• WORK REQUEST: In the data below, locate each line with the word "surface" and list it.

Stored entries
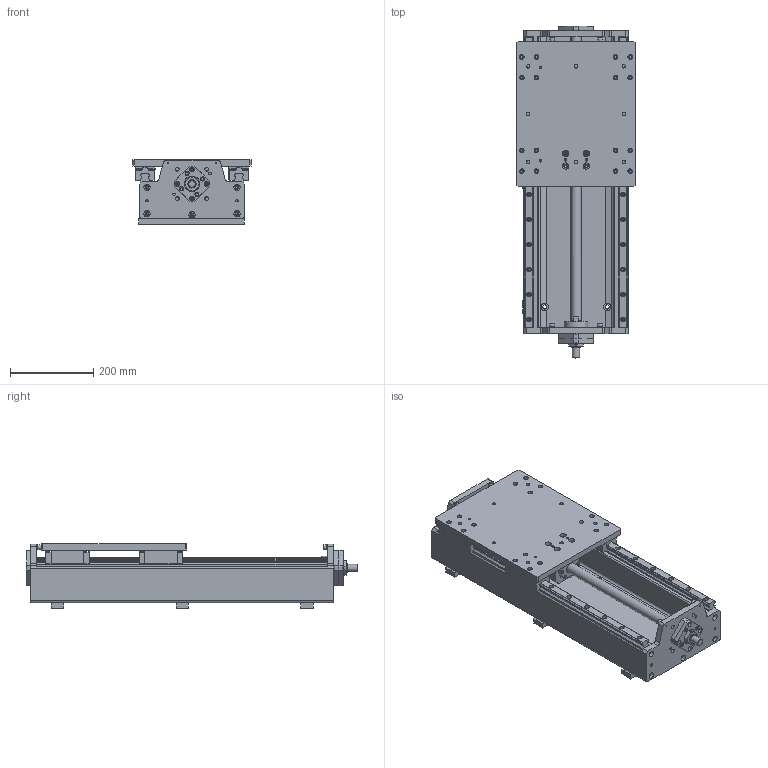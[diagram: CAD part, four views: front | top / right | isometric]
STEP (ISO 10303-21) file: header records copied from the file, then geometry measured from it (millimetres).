
FILE_DESCRIPTION((''),'2;1');
FILE_NAME('KK-HD-285-25-25XX-0700.stp','2009-03-22T19:37:28',('kurt'),(''),'Autodesk Inventor 2008','Autodesk Inventor 2008','');
FILE_SCHEMA(('AUTOMOTIVE_DESIGN { 1 0 10303 214 1 1 1 1 }'));
Length unit declared in the file: millimetre
Products named in the file (1): Part103
Bounding box: 285 x 799 x 155 mm (x, y, z)
Volume: 11373557.6 mm3; surface area: 1234111.2 mm2
Topology: 21 solids, 21 shells, 2338 faces, 6296 edges, 4142 vertices
Faces by surface type: plane 1516, cylinder 443, bspline 247, cone 116, torus 16
Full cylindrical faces by diameter (mm): 2.459 x4, 3 x4, 3.5 x4, 3.6 x1, 4 x1, 4.917 x39, 5.5 x4, 6 x30, 6.6 x30, 6.647 x14, 7 x24, 8 x4, 8.376 x8, 9 x18, 10 x4, 10.106 x6, 11 x52, 15 x18, 17 x1, 18 x6, 19 x1, 20 x4, 23 x1, 25 x3, 26 x1, 28.64 x4, 29.082 x2, 37 x2, 38 x1, 38.36 x4
Entity records: 77855 total; most frequent: CARTESIAN_POINT 19561, ORIENTED_EDGE 11548, DIRECTION 10460, EDGE_CURVE 5774, VECTOR 4200, LINE 4200, VERTEX_POINT 4024, AXIS2_PLACEMENT_3D 3130

• OUTPUT FOR THIS EXERCISE:
Volume: 11373557.6 mm3; surface area: 1234111.2 mm2
Faces by surface type: plane 1516, cylinder 443, bspline 247, cone 116, torus 16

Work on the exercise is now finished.